Ho trovato tra i fogli di papà una busta con il testamento: aveva lasciato tutto a una donna che non conoscevamo.
Hai dimenticato di prendere le pillole ancora? ho sentito Marinella sbattere il bicchiere dacqua sul comodino.
Figlia, non urlare così, mi scoppia la testa ha alzato appena una mano il padre, Andrea Micheletti, con voce flebile. Le prendo adesso.
Adesso! lo dici ogni giorno! E poi le trovo intatte nel cassetto!
Andrea, con un gesto colpevole, ha afferrato il blister. Era un settantenne con laspetto di un uomo più vecchio; il suo ictus era stato sei mesi fa, ma era ancora in fase di recupero.
Marina, non fare la bambina cattiva con papà è intervenuto mio fratello Leonardo entrando con la spesa in mano. Sta facendo del suo meglio.
Facendo! Se lo facesse davvero, già sarebbe guarito!

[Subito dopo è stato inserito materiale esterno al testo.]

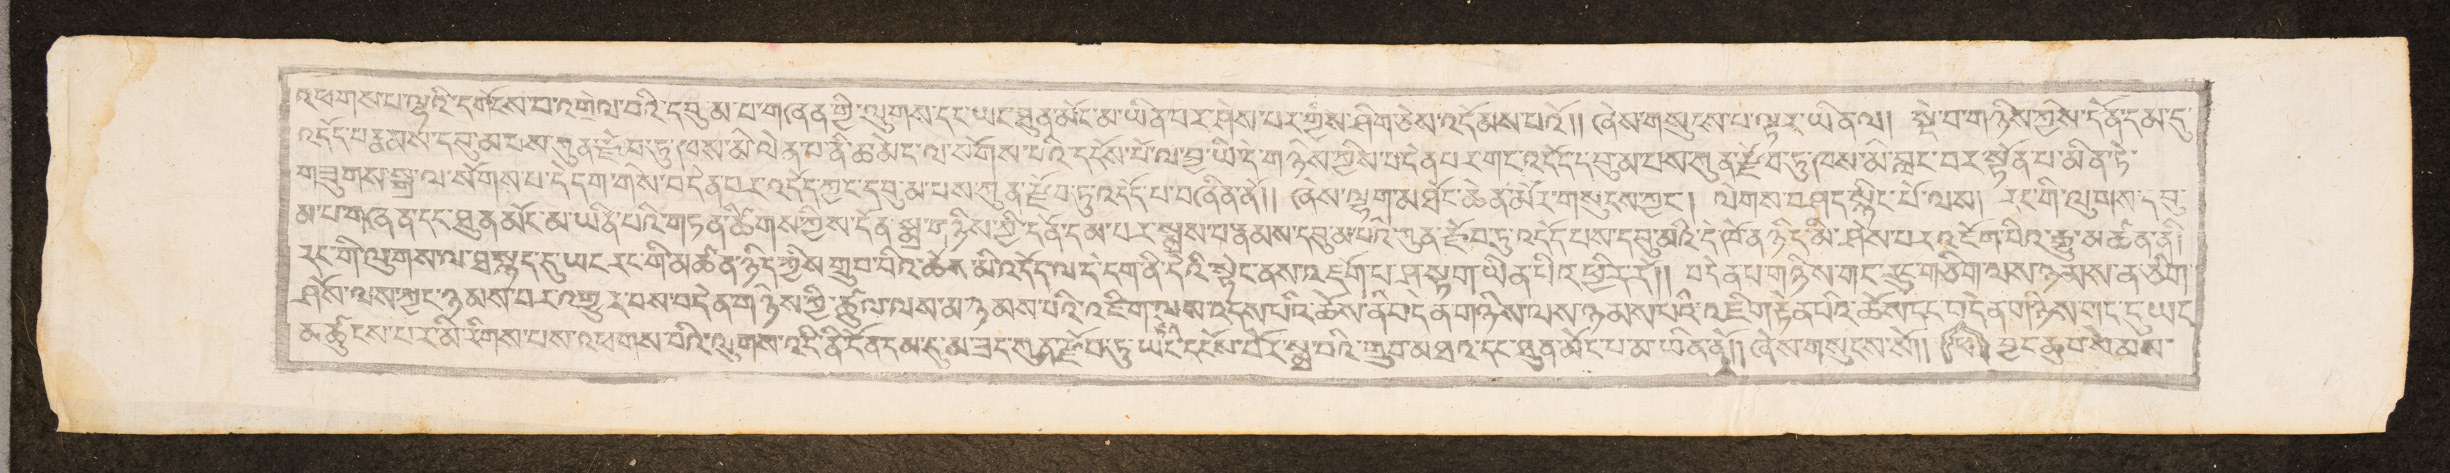འཕགས་པ་ལྟའི་དགོངས་པ་འགྲེལ་བའི་དུབ་མ་བཞན་གྱི་ལུགས་དང་ཡང་ཐུན་མོང་མ་ཡིན་པར་ཤེས་པར་གྱིས་ཤིག་ཅེས་འདོམས་པའོ། །ཞེས་གསུངས་པ་ལྟར་ཡིན་ལ། སྡེ་པ་གཉིས་ཡིས་དོན་དམ་དུ་
འདོད་པ་རྣམས་དབུ་མ་པས་ཀུན་རྫོབ་ཏུ་ཁས་མི་ལེན་པ་ནི་ཆ་མེད་ལ་སོགས་པའི་དངོས་པོ་ལ་བྱ་ཡི་དེ་གཉིས་ཀྱིས་བདེན་པར་གང་འདོད་དབུ་མ་པས་ཀུན་རྫོབ་ཏུ་ཁས་མི་བླང་བར་སྟོན་པ་མིན་ཏེ་
གཟུགས་སྒྲ་ལ་སོགས་པ་དེ་དག་གིས་བདེན་པར་འདོད་ཀྱང་དབུ་མ་པས་ཀུན་རྫོབ་ཏུ་འདོད་པ་བཞིན་ནོ། ཞེས་ལྷག་མཐོང་ཆེན་མོར་གསུངས་ཀྱང་། ལེགས་ཤད་སྙིང་པོ་ལས། རང་གི་ལུགས་དབུ་
མ་པ་གཞན་དང་ཐུན་མོང་མ་ཡིན་པ་འི་གཏན་ཚིག་ཀྱིས་དོན་སྨྲ་གཉིས་ཀྱི་དོན་དམ་པར་སྨྲས་པ་རྣམས་དབུ་མ་པའི་ཀུན་རྫོབ་ཏུ་འདོད་པས་དབུ་མའི་དེ་ཁོ་ན་ཉིད་མི་ཤེས་པར་འཇོག་པའི་རྒྱུ་མཚན་ནི།།
རང་གི་ལུགས་ལ་ཐ་སྙད་དུ་ཡང་རང་གི་མཚན་ཉིད་ཀྱིས་གྲུབ་པའི་ཆོས་མི་འདོད་ལ་དེ་དག་ནི་དེའི་སྟེང་ནས་འཇོག་པ་ཤ་སྟག་ཡིན་པའི་ཕྱིར་རོ།། བདེན་པ་གཉིས་གང་རུང་གཅིག་ལས་ཉམས་ན་ཅིག།
ཤོས་ལས་ཀྱང་ཉམས་པར་འགྱུར་བས་བདེན་གཉིས་ཀྱི་ཚུལ་ལས་མ་ཉམས་པའི་འཇིགས་རྟེན་ལས་འདས་པའི་ཆོས་ནི་བདེན་གཉིས་ལས་ཉམས་པའི་འཇིག་རྟེན་པའི་ཆོས་དང་བདེན་གཉིས་གང་དུ་ཡང་
མཚུངས་པར་མི་རིགས་པས་འཕགས་པའི་ལུགས་འདི་ནི་དོན་དམ་དུ་མ་ཟད་ཀུན་རྫོབ་ཏུ་ཡང་དངོས་པོར་སྨྲ་བའི་གྲུབ་མཐའ་དང་ཐུན་མོང་པ་མ་ཡིན་ནོ།། ཞེས་གསུངས་སོ། ༼༽ཕ༼༽ བྱང་ཆུབ་སེམས་

Andrea ha inghiottito le compresse e si è appoggiato al cuscino. Marina gli ha aggiustato la coperta, ancora accigliata.
Papà, oggi dovevi mostrarmi dove sono i documenti dellappartamento. Mi servono per la pratica della detrazione.
Che detrazione?
Per lagevolazione sulle bollette. Te lavevo detto.
Ah sì ha annuito papà. È nel tavolo, nel cassetto di sinistra. Una cartella azzurra.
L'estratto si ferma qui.